Anomalous propagation is common in littoral environments (see, e.g., von Engeln and Teixeira2004). Even though Sweden is surrounded by waters (e.g., the Baltic Sea, the Gulf of Bothnia, and Kattegat), only a few studies on anomalous propagation based on data from this region have been published. Alberoni et al. (2001) proposed a method for removing ground clutter and sea clutter from weather radars and presented results from applying this technique on a few days' worth of data from a weather radar on the Swedish island of Gotland in the Baltic Sea. Bech et al. (2007b) investigated the effects of anomalous propagation on beam blockage models and, in a case study, applied their method to data from the same weather radar on Gotland.
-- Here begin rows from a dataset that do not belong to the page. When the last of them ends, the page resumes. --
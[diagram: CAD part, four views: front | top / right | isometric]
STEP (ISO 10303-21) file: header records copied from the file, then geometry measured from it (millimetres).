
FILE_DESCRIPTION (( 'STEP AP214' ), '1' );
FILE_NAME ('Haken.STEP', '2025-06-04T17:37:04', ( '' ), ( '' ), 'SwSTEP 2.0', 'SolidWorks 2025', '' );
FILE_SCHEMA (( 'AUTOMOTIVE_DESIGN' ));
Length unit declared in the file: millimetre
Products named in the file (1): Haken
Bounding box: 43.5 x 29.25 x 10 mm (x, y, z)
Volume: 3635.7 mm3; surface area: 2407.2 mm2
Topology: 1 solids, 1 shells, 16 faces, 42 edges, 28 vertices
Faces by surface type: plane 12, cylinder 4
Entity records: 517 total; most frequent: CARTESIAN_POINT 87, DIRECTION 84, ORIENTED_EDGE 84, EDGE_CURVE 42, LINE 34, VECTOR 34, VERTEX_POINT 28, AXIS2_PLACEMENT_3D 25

A number of measurement campaigns have also been conducted in the Baltic Sea, mainly focused on studying evaporation ducts. During these campaigns, a combination of in situ measurements, radiosondes, and microwave measurements were performed and reported (see, e.g., Scholz and Förster2003; Förster et al.2004; Essen et al.2004; Förster and Riechen2006; Essen et al.2012; Danklmayer et al.2013, 2015, 2016a, b).

Despite the large impact of anomalous atmospheric conditions on the propagation of radio waves, no long-term analyses of continuous radar measurements over the Baltic Sea or its neighboring waters have, as far as the author is aware, been published. A more thorough investigation of anomalous propagation in this region is therefore warranted. In this work, we present data from five Swedish weather radars from 2017 to 2021 in order to study the seasonal and diurnal cycles of anomalous propagation over the waters near Sweden.

2 Data

The Swedish weather radar network consists of 12 dual-polarization, C-band, Doppler weather radars. The radars provide almost-nationwide cover, with an update rate of 5 min. The current weather radars were recently modernized from single to dual polarization. The modernization dates for the radars that were used in this work are shown in Table 1.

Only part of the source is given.